INSTRUCTIONS TO FOLLOW = Below are some records. Return exactly the lines from the one with "Its self-contained STEP" to the one with "#265=DIRECTION('',(0.,-1.,0.));", and nothing else.
(Beginning of DATA EXCERPTS)
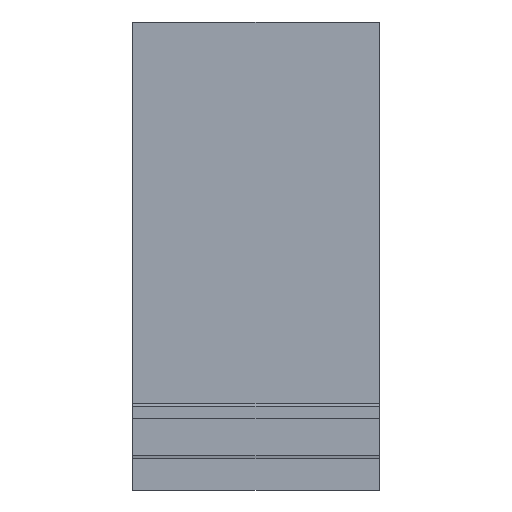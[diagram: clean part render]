
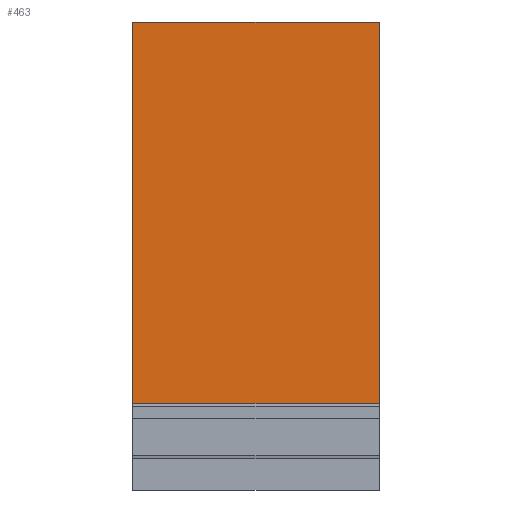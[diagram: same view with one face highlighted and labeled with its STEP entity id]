
A CAD part, left-side view. The second image highlights one B-rep face of the part: STEP entity #463.
In plain terms, the highlighted planar face has unit normal (-1, 0, 0).
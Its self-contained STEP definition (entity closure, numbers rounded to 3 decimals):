
#13=DIRECTION('',(0.,0.,1.));
#27=DIRECTION('',(0.,0.,-1.));
#120=VERTEX_POINT('',#121);
#121=CARTESIAN_POINT('',(-21.245,-5.,-1.6));
#126=EDGE_CURVE('',#120,#127,#129,.T.);
#127=VERTEX_POINT('',#128);
#128=CARTESIAN_POINT('',(-21.245,-5.,-17.101));
#129=LINE('',#121,#130);
#130=VECTOR('',#27,1.);
#150=VECTOR('',#13,1.);
#265=DIRECTION('',(0.,-1.,0.));
#411=DIRECTION('',(-1.,0.,0.));
#463=ADVANCED_FACE('',(#464),#483,.T.);
#464=FACE_BOUND('',#465,.T.);
#465=EDGE_LOOP('',(#466,#473,#478,#482));
#466=ORIENTED_EDGE('',*,*,#467,.F.);
#467=EDGE_CURVE('',#468,#120,#470,.T.);
#468=VERTEX_POINT('',#469);
#469=CARTESIAN_POINT('',(-21.245,5.,-1.6));
#470=LINE('',#471,#472);
#471=CARTESIAN_POINT('',(-21.245,0.,-1.6));
#472=VECTOR('',#265,1.);
#473=ORIENTED_EDGE('',*,*,#474,.F.);
#474=EDGE_CURVE('',#475,#468,#477,.T.);
#475=VERTEX_POINT('',#476);
#476=CARTESIAN_POINT('',(-21.245,5.,-17.101));
#477=LINE('',#469,#150);
#478=ORIENTED_EDGE('',*,*,#479,.T.);
#479=EDGE_CURVE('',#475,#127,#480,.T.);
#480=LINE('',#481,#472);
#481=CARTESIAN_POINT('',(-21.245,0.,-17.101));
#482=ORIENTED_EDGE('',*,*,#126,.F.);
#483=PLANE('',#484);
#484=AXIS2_PLACEMENT_3D('',#481,#411,#265);
(End of DATA EXCERPTS)
ANSWER BELOW =
Its self-contained STEP definition (entity closure, numbers rounded to 3 decimals):
#13=DIRECTION('',(0.,0.,1.));
#27=DIRECTION('',(0.,0.,-1.));
#120=VERTEX_POINT('',#121);
#121=CARTESIAN_POINT('',(-21.245,-5.,-1.6));
#126=EDGE_CURVE('',#120,#127,#129,.T.);
#127=VERTEX_POINT('',#128);
#128=CARTESIAN_POINT('',(-21.245,-5.,-17.101));
#129=LINE('',#121,#130);
#130=VECTOR('',#27,1.);
#150=VECTOR('',#13,1.);
#265=DIRECTION('',(0.,-1.,0.));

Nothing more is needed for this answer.